最後のシナリオ「デヴィルズ・グリップ」では、ディーンが自身の生い立ち(クローンの一人であること)に悩み、それを打ち明けられたハンクは自分がSFの主人公のようでかっこいいと、その事実を笑い飛ばす。自分たちがどこから来ようとも、目の前にいる家族や友人は変わらずに接してくれることを良しとして、シーズン5は終了するのであった。ジョナス・ヴェンチャーの盟友、アクションマン夫妻がビリー・クイズボーイを息子のように可愛がるなど、血の繋がりに縛られることのバカらしさを否定している・・・のだが、そこは素直な教条に落ち着くわけもなく、親の因果が子に報うこともしっかり描くのが『VB』。その辺りはシーズン4でくどいくらいに描かれているので、こうした終わり方に落ち着いたのだろうか。

◆Season 6 (2016)

シーズン6は1クールの放映がされる前に長尺のエピソードが公開された。
『All of this Galganture2』がそれで、この回でそれまでのストーリーはいったんの区切りがつけられた。シーズン6は舞台をニューヨークに移し、新たなシーズン1として作ったと『THE ART~』には書かれている。例えばシーズン4からボディガードを離脱したブロックは、再びヴェンチャー一家の身辺警護に復帰し、壊滅した元ヴェンチャー・インダストリーも同じくニューヨークに移ることで、より豪華な設備になった。
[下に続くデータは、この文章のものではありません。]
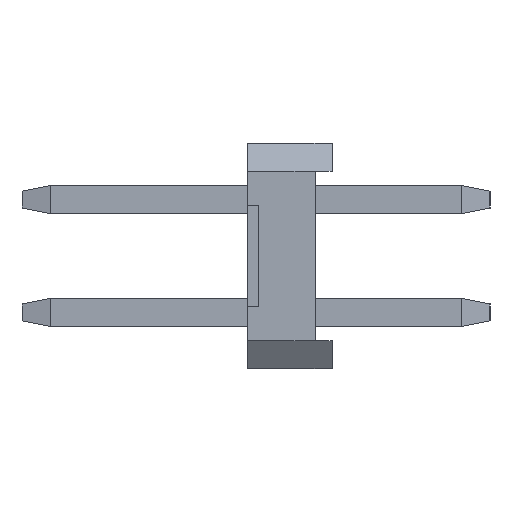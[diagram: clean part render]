
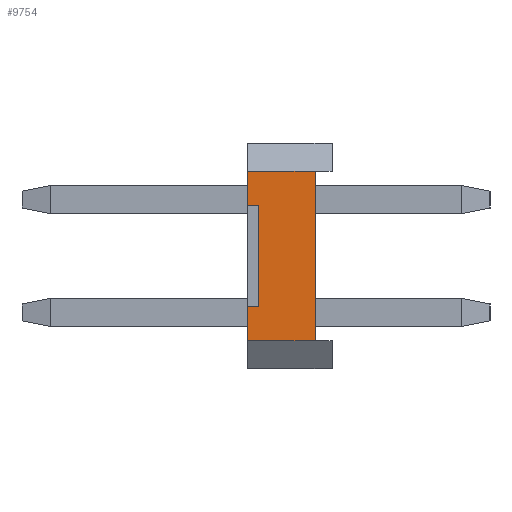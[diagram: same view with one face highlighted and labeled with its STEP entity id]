
A CAD part, left-side view. The second image highlights one B-rep face of the part: STEP entity #9754.
In plain terms, the highlighted planar face has unit normal (-1, 0, 0).
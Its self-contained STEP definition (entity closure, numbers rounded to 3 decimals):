
#7242=CARTESIAN_POINT('',(-1.,0.3,-1.5));
#7243=VERTEX_POINT('',#7242);
#8255=CARTESIAN_POINT('',(-1.,1.3,0.9));
#8256=VERTEX_POINT('',#8255);
#8273=CARTESIAN_POINT('',(-1.,1.3,-0.9));
#8274=VERTEX_POINT('',#8273);
#8281=CARTESIAN_POINT('',(-1.,1.3,-0.9));
#8282=DIRECTION('',(0.,0.,1.));
#8283=VECTOR('',#8282,1.8);
#8284=LINE('',#8281,#8283);
#8285=EDGE_CURVE('',#8274,#8256,#8284,.T.);
#9654=CARTESIAN_POINT('',(-1.,0.3,1.5));
#9655=VERTEX_POINT('',#9654);
#9685=CARTESIAN_POINT('',(-1.,1.5,1.5));
#9686=VERTEX_POINT('',#9685);
#9693=CARTESIAN_POINT('',(-1.,1.5,1.5));
#9694=DIRECTION('',(0.,-1.,0.));
#9695=VECTOR('',#9694,1.2);
#9696=LINE('',#9693,#9695);
#9697=EDGE_CURVE('',#9686,#9655,#9696,.T.);
#9703=CARTESIAN_POINT('',(-1.,0.,-2.));
#9704=DIRECTION('',(0.,0.,1.));
#9705=DIRECTION('',(-1.,0.,0.));
#9706=AXIS2_PLACEMENT_3D('',#9703,#9705,#9704);
#9707=PLANE('',#9706);
#9708=CARTESIAN_POINT('',(-1.,1.5,-0.9));
#9709=VERTEX_POINT('',#9708);
#9710=CARTESIAN_POINT('',(-1.,1.3,-0.9));
#9711=DIRECTION('',(0.,1.,0.));
#9712=VECTOR('',#9711,0.2);
#9713=LINE('',#9710,#9712);
#9714=EDGE_CURVE('',#8274,#9709,#9713,.T.);
#9715=ORIENTED_EDGE('',*,*,#9714,.T.);
#9716=CARTESIAN_POINT('',(-1.,1.5,-1.5));
#9717=VERTEX_POINT('',#9716);
#9718=CARTESIAN_POINT('',(-1.,1.5,-1.5));
#9719=DIRECTION('',(0.,0.,1.));
#9720=VECTOR('',#9719,0.6);
#9721=LINE('',#9718,#9720);
#9722=EDGE_CURVE('',#9717,#9709,#9721,.T.);
#9723=ORIENTED_EDGE('',*,*,#9722,.F.);
#9724=CARTESIAN_POINT('',(-1.,1.5,-1.5));
#9725=DIRECTION('',(0.,-1.,0.));
#9726=VECTOR('',#9725,1.2);
#9727=LINE('',#9724,#9726);
#9728=EDGE_CURVE('',#9717,#7243,#9727,.T.);
#9729=ORIENTED_EDGE('',*,*,#9728,.T.);
#9730=CARTESIAN_POINT('',(-1.,0.3,1.5));
#9731=DIRECTION('',(0.,0.,-1.));
#9732=VECTOR('',#9731,3.);
#9733=LINE('',#9730,#9732);
#9734=EDGE_CURVE('',#9655,#7243,#9733,.T.);
#9735=ORIENTED_EDGE('',*,*,#9734,.F.);
#9736=ORIENTED_EDGE('',*,*,#9697,.F.);
#9737=CARTESIAN_POINT('',(-1.,1.5,0.9));
#9738=VERTEX_POINT('',#9737);
#9739=CARTESIAN_POINT('',(-1.,1.5,0.9));
#9740=DIRECTION('',(0.,0.,1.));
#9741=VECTOR('',#9740,0.6);
#9742=LINE('',#9739,#9741);
#9743=EDGE_CURVE('',#9738,#9686,#9742,.T.);
#9744=ORIENTED_EDGE('',*,*,#9743,.F.);
#9745=CARTESIAN_POINT('',(-1.,1.5,0.9));
#9746=DIRECTION('',(0.,-1.,0.));
#9747=VECTOR('',#9746,0.2);
#9748=LINE('',#9745,#9747);
#9749=EDGE_CURVE('',#9738,#8256,#9748,.T.);
#9750=ORIENTED_EDGE('',*,*,#9749,.T.);
#9751=ORIENTED_EDGE('',*,*,#8285,.F.);
#9752=EDGE_LOOP('',(#9715,#9723,#9729,#9735,#9736,#9744,#9750,#9751));
#9753=FACE_OUTER_BOUND('',#9752,.T.);
#9754=ADVANCED_FACE('',(#9753),#9707,.T.);

ヴェンチャー兄弟は大学に行ったり、ヴィラン側の女性とイイ感じになったりして、青春のニューヨークを満喫・・・できるわけはなく、モナークなどの闖入に悩まされる毎日である。

上でも少し触れたように、シーズン6からモナークとラスティの因縁を解き明かすフェーズに入った。犬猿の仲であるモナークとラスティだが、何故か幼少時の二人が遊んでいる写真が発見され、そこにはジョナス・ヴェンチャーと、モナークの両親らしき人物が写っていた。この父親の方こそ、シーズン6でキーとなるヒーロー、ブルー・モルフォで、モナークは自身の根城であった要塞が破壊されてしまった先で見つけた廃屋の地下に、モルフォの秘密基地を発見する。そこにあるホームビデオとブルー・モルフォの装備一式が、モナークとヘンチマン21ことゲイリーを導き、二人は新生ブルー・モルフォと、その助手ケーノとなるのだった。当然グリーン・ホーネットとカトーのパロディである。ブルー・モルフォとなったモナークはドクター・ガールフレンドに取り入って、新生カラミタス・インテントを牛耳ろうとするヴィラン、ワイド・ウェールらを暗殺しようと試みるが、最強のヴィランの一人に数えられるレッド・デスに睨まれるわ(のちに和解)、正体を知らないドクター・ガールフレンドに勘違いされて命を狙われるなどの大ピンチ。

シーズン6から登場するヴィラン、レッド・デス 左からケーノ、ブルー・モルフォ、ジョナス・ヴェンチャー

◆Season 7 (2018)

そして先日まで放映されていた最新シーズン。前期からシームレスに続いていく物語のようだ。部分的にアップロードされている本編をyoutubeでチラ見した程度なのだが、ドクター・ガールフレンド、ファントム・リム、ドクターZらが『All of this~』で解体してしまったカラミタス・インテントの再建を目指す一方で、モナークとゲイリーは自分たちを高レベルのヴィラン(お布施や、地位に見合う功績を積むことでランクアップできるのだそうだ)にするべく、ヴィランのトレーナーを買って出るなど大忙し。
しかし、もっとも衝撃的なのはラスティの父親であるジョナス・ヴェンチャーが有機コンピュータとして生き永らえ、ヴェンチャー・インダストリーのビル全体をパニックに陥れるエピソードだろう。暴走するジョナスを止めに入ったのは死んだはずのブルー・モルフォ、そしてその正体は・・・本編を見ている人が全くいないであろう、この場所で隠す意味はそれほどないのだが、ぜひとも本編をご覧いただきたい。というか、私も早くブルーレイが欲しい。

ヴィランを統べる総帥はボウイ(そのまんまの名前で登場) 



15年にも及ぶ歴史があるだけに、今更シーズン1からローカライズされる望みは薄い。ちなみに『リック・アンド・モーティ』はNetflixで日本語吹き替えが放映されているが、あちらはまだ始まって5年である。
『ニンジャ・タートルズ』みたいに歯抜けでも構わないので、なんとか輸入されないものだろうか?翻訳があまりにメンドくさいだろうから、TMNTのようなアドリブ台本だらけにされても興ざめですけどネ・・・。
それと、劇伴はFoetusことJG Thirlwellが一貫して担当しており、氏の素養と理想がギュッと詰め込まれた傑作スコアなので本編を見るより先に触れてみても良いくらいです。ジャクソンとドクによる往年のロック名曲のオマージュも捨てがたい。